* THE RECORDS
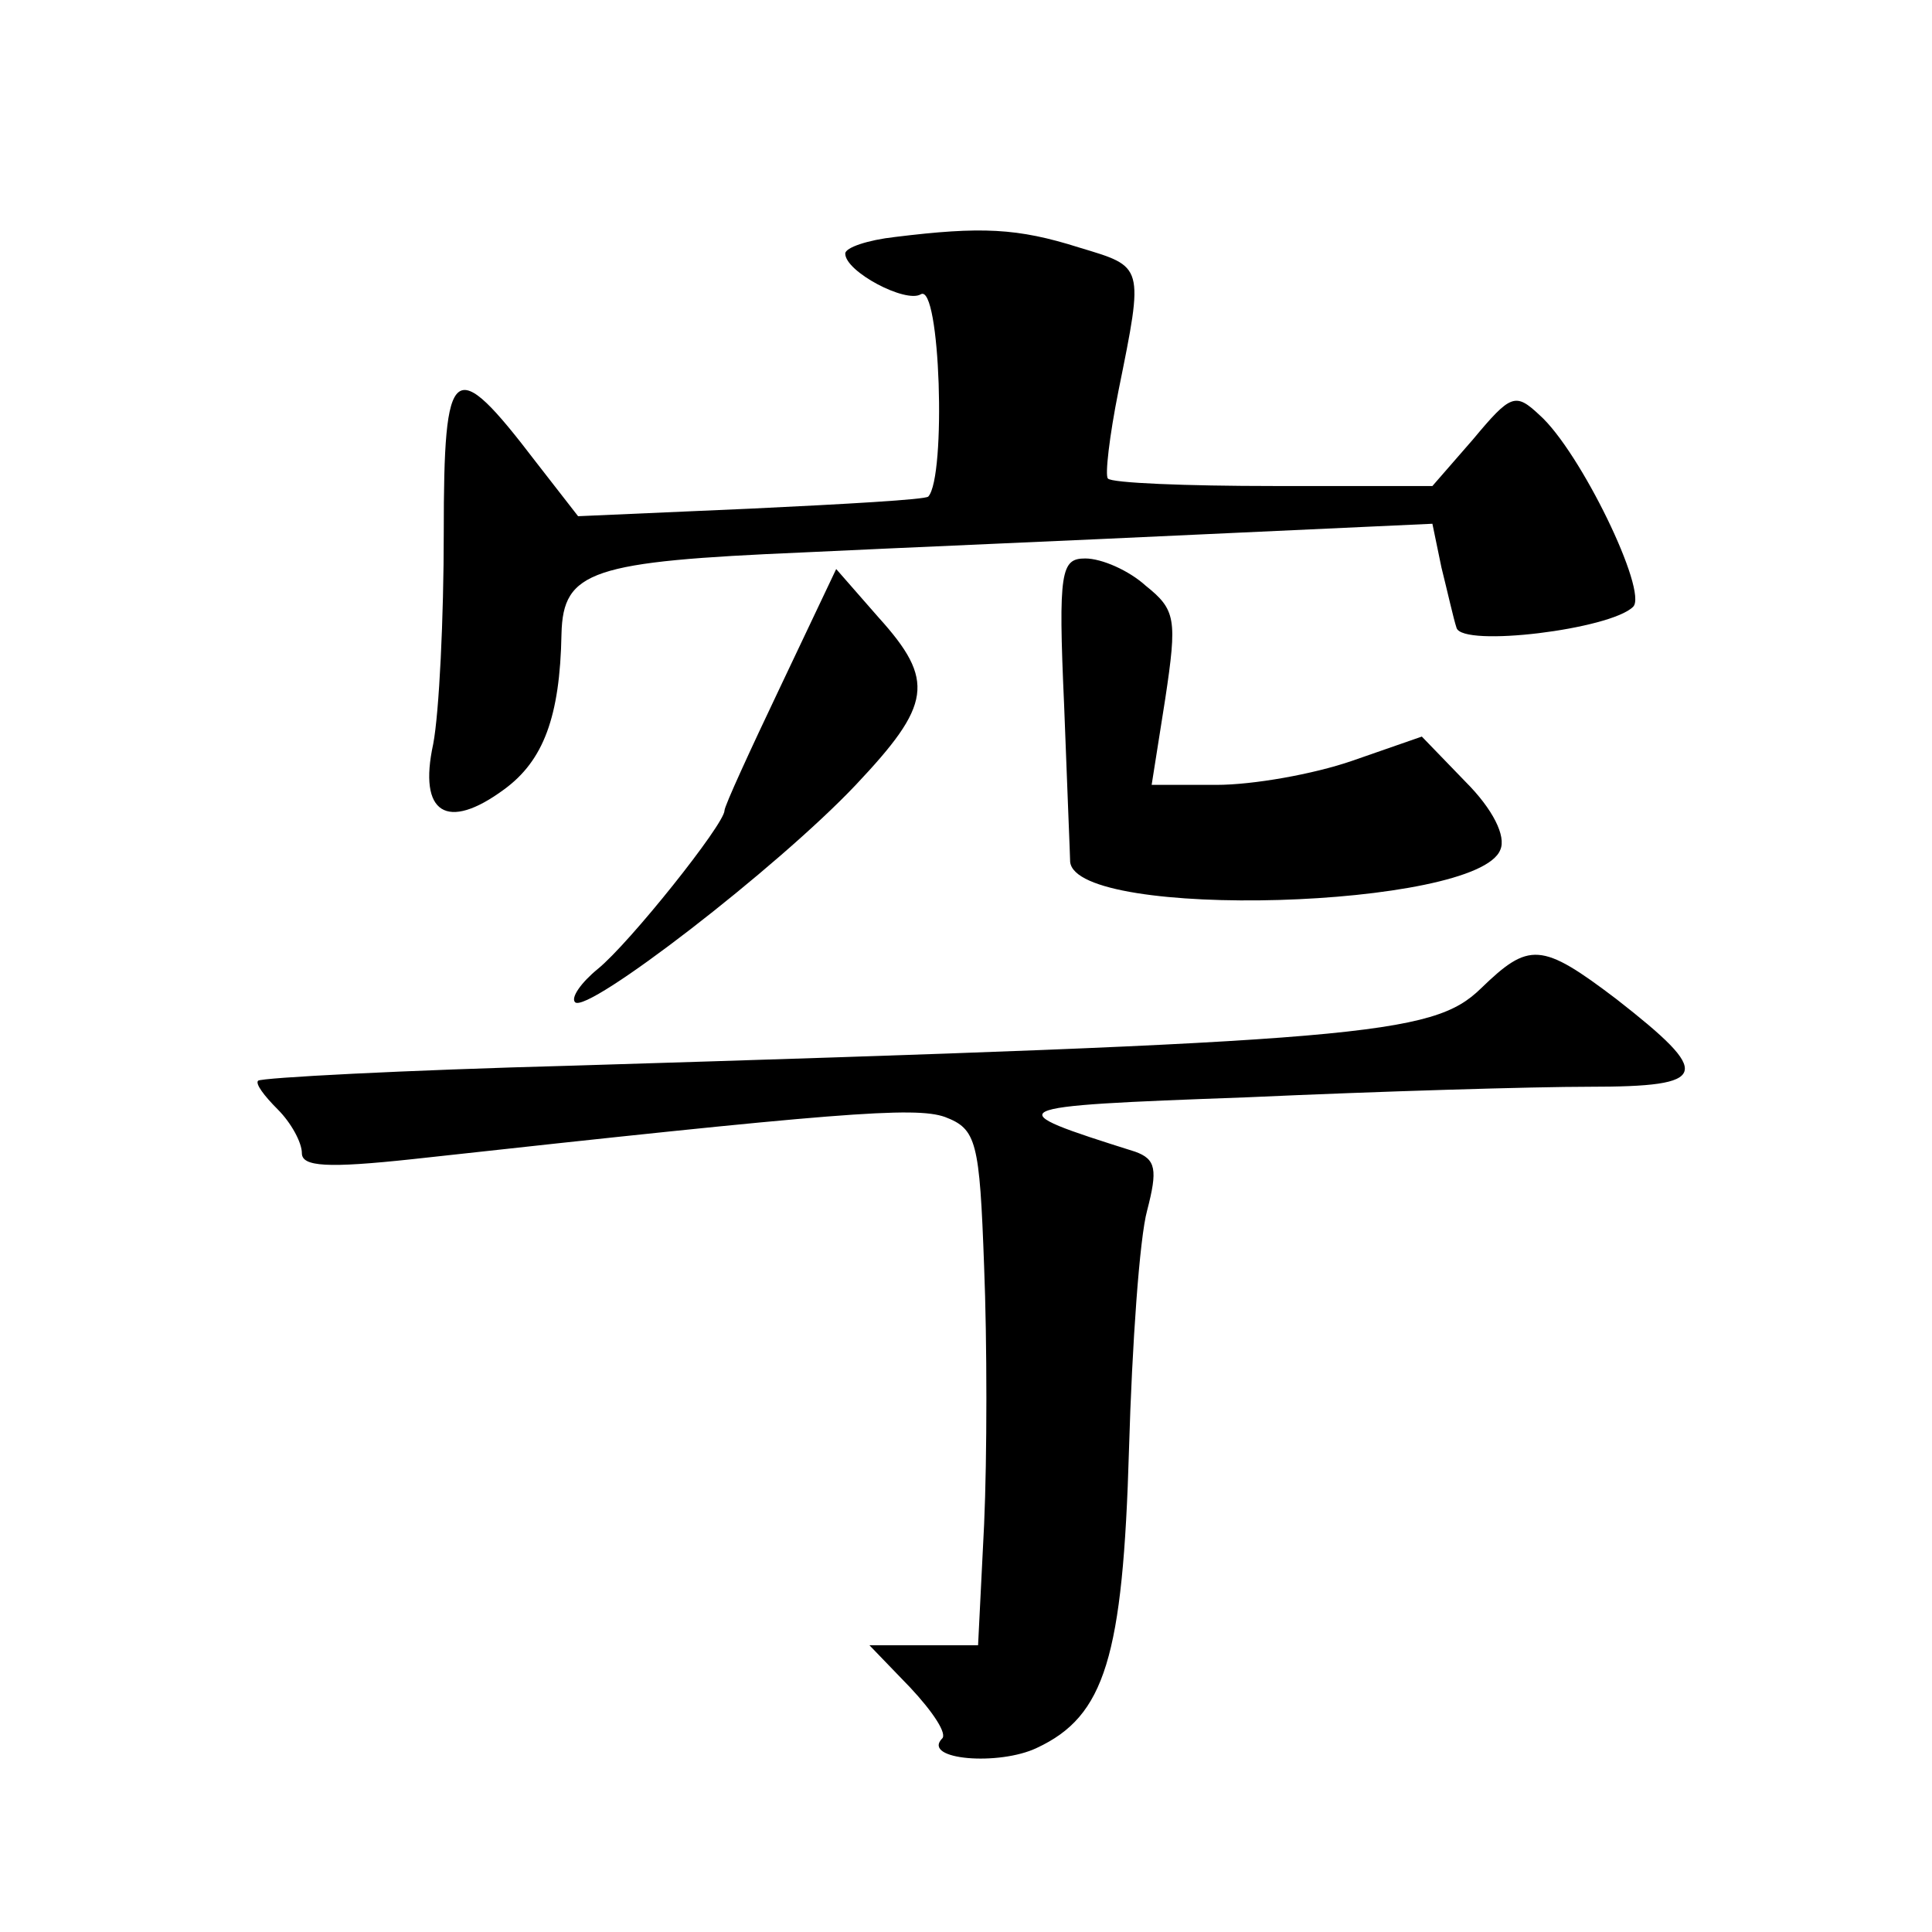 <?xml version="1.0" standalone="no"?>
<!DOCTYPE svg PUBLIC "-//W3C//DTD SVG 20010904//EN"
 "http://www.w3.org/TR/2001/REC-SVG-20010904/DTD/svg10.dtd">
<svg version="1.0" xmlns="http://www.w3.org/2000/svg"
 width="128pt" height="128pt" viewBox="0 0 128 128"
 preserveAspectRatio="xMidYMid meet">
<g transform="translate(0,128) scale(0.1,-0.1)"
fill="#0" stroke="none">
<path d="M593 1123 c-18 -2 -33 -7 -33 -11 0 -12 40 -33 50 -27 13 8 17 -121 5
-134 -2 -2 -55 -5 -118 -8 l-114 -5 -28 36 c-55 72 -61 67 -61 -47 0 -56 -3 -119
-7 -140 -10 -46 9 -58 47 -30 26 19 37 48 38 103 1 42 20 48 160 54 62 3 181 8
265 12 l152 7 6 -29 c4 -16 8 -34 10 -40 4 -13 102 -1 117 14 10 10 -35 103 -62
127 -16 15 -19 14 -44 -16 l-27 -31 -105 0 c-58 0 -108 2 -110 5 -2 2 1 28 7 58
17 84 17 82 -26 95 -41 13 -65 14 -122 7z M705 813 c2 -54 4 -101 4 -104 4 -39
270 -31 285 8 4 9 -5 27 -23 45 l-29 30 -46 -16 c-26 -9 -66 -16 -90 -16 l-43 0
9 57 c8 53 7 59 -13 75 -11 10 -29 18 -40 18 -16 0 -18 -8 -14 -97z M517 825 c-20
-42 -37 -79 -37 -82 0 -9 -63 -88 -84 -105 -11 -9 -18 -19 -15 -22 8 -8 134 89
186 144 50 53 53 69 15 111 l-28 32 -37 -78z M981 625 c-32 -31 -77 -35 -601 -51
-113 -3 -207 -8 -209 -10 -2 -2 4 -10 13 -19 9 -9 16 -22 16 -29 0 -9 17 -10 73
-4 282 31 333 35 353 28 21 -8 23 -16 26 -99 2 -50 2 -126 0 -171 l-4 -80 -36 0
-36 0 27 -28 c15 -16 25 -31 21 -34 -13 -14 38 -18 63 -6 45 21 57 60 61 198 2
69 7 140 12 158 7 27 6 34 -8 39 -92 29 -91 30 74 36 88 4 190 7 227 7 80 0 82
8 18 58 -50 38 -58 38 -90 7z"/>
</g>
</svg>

* EXERCISE
Your job is to transcribe the entries above exactly; skip the pictures.

* ANSWER TO THE EXERCISE
 <?xml version="1.0" standalone="no"?>
<!DOCTYPE svg PUBLIC "-//W3C//DTD SVG 20010904//EN"
 "http://www.w3.org/TR/2001/REC-SVG-20010904/DTD/svg10.dtd">
<svg version="1.0" xmlns="http://www.w3.org/2000/svg"
 width="128pt" height="128pt" viewBox="0 0 128 128"
 preserveAspectRatio="xMidYMid meet">
<g transform="translate(0,128) scale(0.1,-0.1)"
fill="#0" stroke="none">
<path d="M593 1123 c-18 -2 -33 -7 -33 -11 0 -12 40 -33 50 -27 13 8 17 -121 5
-134 -2 -2 -55 -5 -118 -8 l-114 -5 -28 36 c-55 72 -61 67 -61 -47 0 -56 -3 -119
-7 -140 -10 -46 9 -58 47 -30 26 19 37 48 38 103 1 42 20 48 160 54 62 3 181 8
265 12 l152 7 6 -29 c4 -16 8 -34 10 -40 4 -13 102 -1 117 14 10 10 -35 103 -62
127 -16 15 -19 14 -44 -16 l-27 -31 -105 0 c-58 0 -108 2 -110 5 -2 2 1 28 7 58
17 84 17 82 -26 95 -41 13 -65 14 -122 7z M705 813 c2 -54 4 -101 4 -104 4 -39
270 -31 285 8 4 9 -5 27 -23 45 l-29 30 -46 -16 c-26 -9 -66 -16 -90 -16 l-43 0
9 57 c8 53 7 59 -13 75 -11 10 -29 18 -40 18 -16 0 -18 -8 -14 -97z M517 825 c-20
-42 -37 -79 -37 -82 0 -9 -63 -88 -84 -105 -11 -9 -18 -19 -15 -22 8 -8 134 89
186 144 50 53 53 69 15 111 l-28 32 -37 -78z M981 625 c-32 -31 -77 -35 -601 -51
-113 -3 -207 -8 -209 -10 -2 -2 4 -10 13 -19 9 -9 16 -22 16 -29 0 -9 17 -10 73
-4 282 31 333 35 353 28 21 -8 23 -16 26 -99 2 -50 2 -126 0 -171 l-4 -80 -36 0
-36 0 27 -28 c15 -16 25 -31 21 -34 -13 -14 38 -18 63 -6 45 21 57 60 61 198 2
69 7 140 12 158 7 27 6 34 -8 39 -92 29 -91 30 74 36 88 4 190 7 227 7 80 0 82
8 18 58 -50 38 -58 38 -90 7z"/>
</g>
</svg>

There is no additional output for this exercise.